TASK DETAILS — Report back every line of the entries that contains "movement", exactly as written.

STUDY MATERIAL —

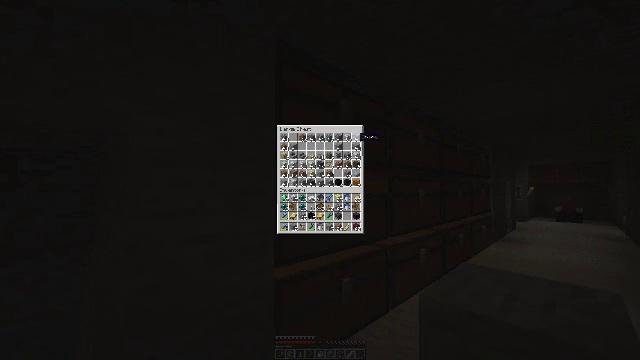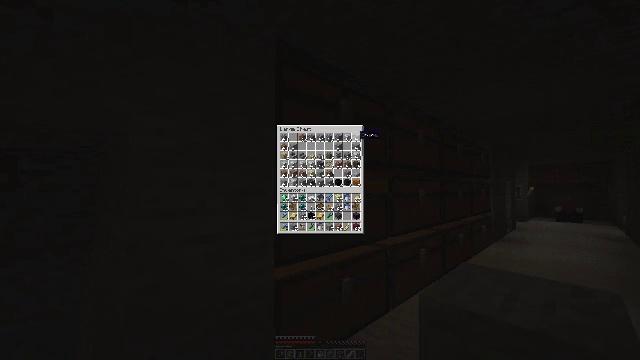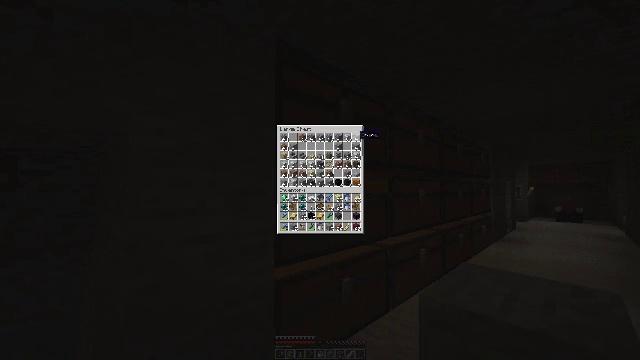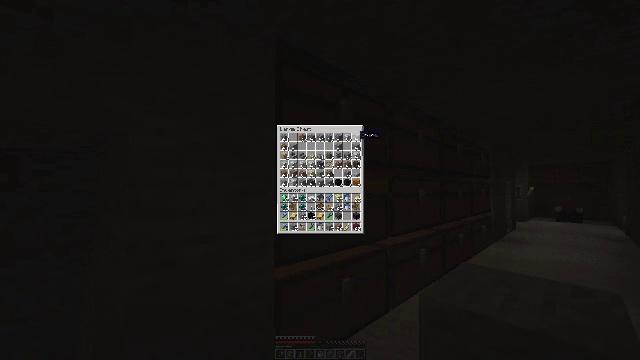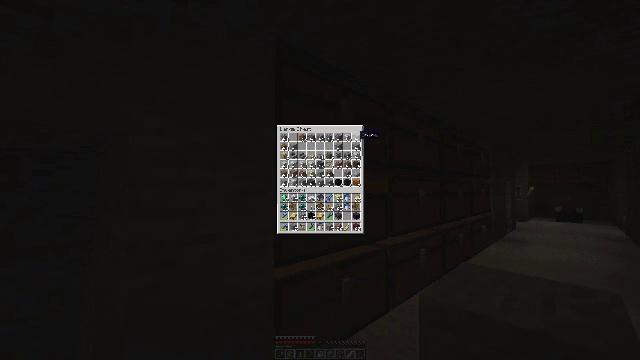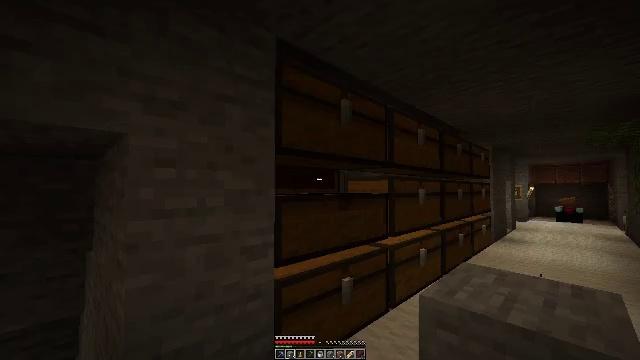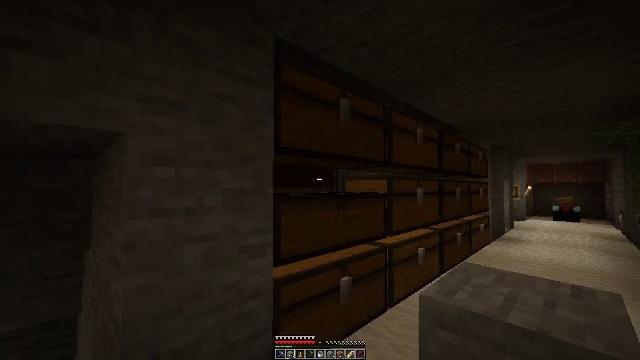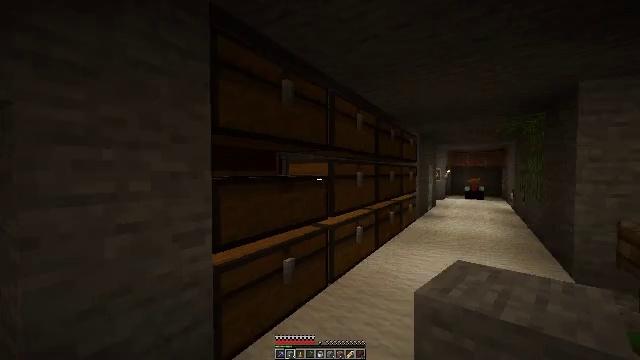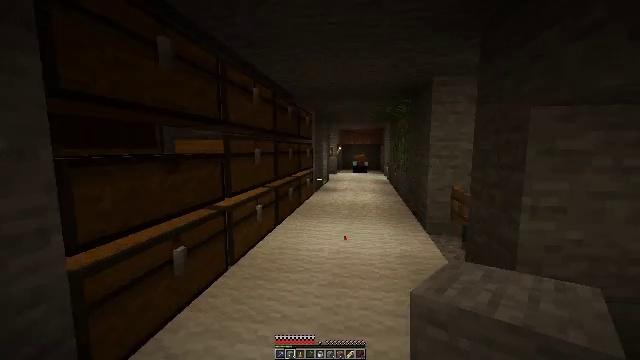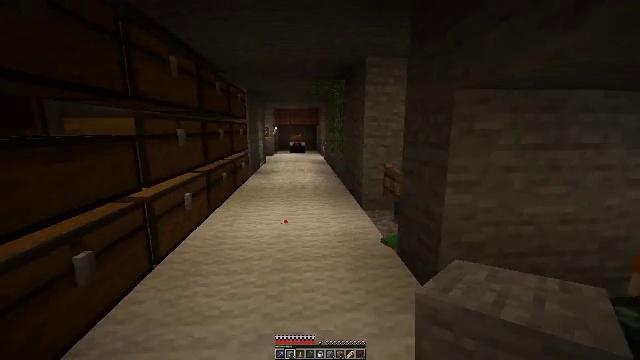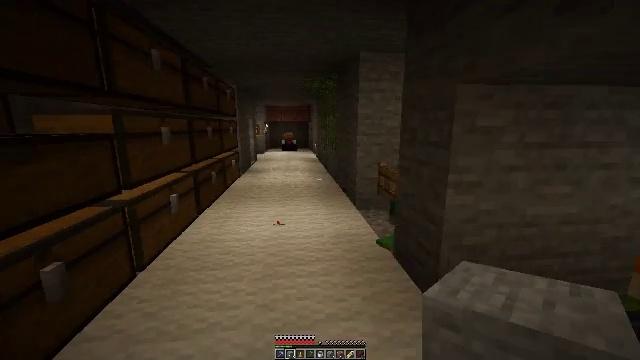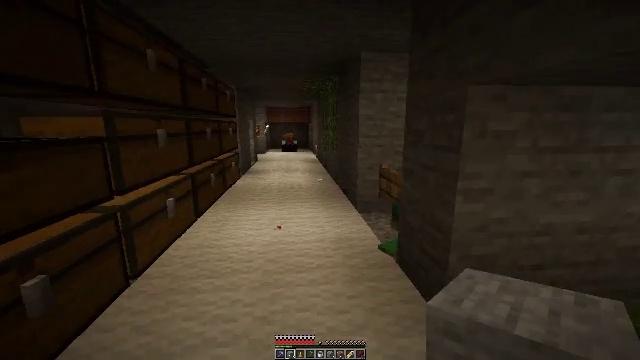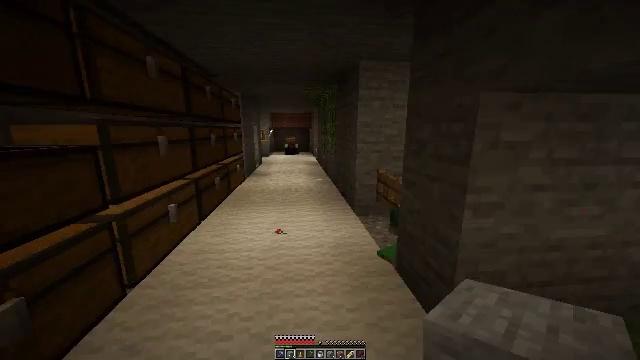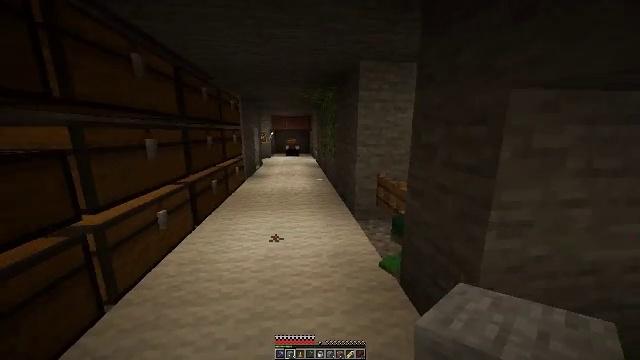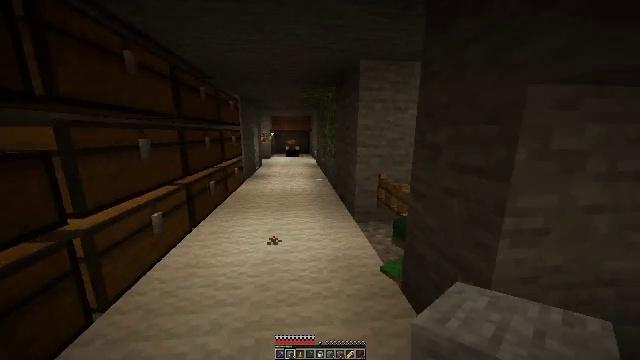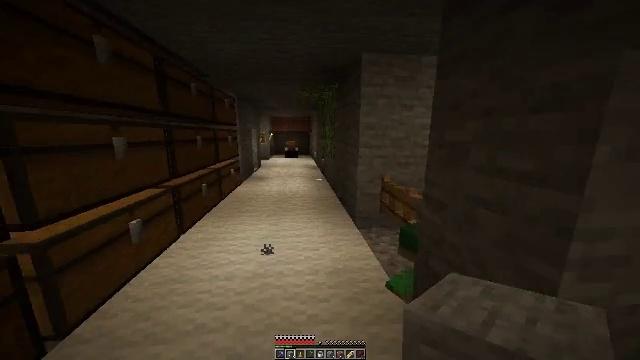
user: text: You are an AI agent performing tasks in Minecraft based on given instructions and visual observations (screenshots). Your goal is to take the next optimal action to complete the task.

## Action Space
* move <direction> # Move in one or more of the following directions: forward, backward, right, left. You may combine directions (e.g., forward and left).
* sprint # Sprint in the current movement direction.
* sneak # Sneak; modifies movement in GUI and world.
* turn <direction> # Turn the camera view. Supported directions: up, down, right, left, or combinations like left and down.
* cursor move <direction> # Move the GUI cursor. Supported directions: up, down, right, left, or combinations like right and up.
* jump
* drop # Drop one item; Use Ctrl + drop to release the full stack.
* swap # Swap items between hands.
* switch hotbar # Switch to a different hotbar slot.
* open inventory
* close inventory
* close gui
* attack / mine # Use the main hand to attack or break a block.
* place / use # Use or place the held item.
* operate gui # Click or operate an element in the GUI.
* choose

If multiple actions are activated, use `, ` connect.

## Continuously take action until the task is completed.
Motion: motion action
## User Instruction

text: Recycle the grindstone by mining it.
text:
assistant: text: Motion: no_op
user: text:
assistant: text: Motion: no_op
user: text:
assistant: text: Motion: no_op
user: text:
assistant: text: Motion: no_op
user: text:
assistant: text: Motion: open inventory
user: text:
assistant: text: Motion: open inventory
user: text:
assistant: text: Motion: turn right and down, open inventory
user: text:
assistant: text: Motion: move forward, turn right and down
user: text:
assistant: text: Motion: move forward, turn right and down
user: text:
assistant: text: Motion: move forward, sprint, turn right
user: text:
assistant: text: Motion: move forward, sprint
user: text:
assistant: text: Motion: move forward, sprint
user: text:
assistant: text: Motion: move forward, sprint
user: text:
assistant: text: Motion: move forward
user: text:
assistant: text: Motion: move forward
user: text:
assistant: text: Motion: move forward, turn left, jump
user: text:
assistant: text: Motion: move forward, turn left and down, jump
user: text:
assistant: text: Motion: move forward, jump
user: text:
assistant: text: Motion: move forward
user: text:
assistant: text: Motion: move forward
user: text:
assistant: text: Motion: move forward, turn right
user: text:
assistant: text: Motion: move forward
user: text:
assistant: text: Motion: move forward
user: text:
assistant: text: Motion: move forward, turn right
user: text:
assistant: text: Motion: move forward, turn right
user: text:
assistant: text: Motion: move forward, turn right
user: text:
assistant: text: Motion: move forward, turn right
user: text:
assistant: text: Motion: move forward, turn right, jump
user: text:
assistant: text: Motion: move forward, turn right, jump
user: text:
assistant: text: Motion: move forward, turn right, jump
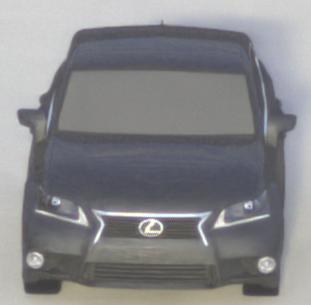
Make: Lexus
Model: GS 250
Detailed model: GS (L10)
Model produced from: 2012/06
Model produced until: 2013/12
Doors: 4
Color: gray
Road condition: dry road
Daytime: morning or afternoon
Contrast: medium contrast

ANSWER TO THIS TASK —
* sprint # Sprint in the current movement direction.
* sneak # Sneak; modifies movement in GUI and world.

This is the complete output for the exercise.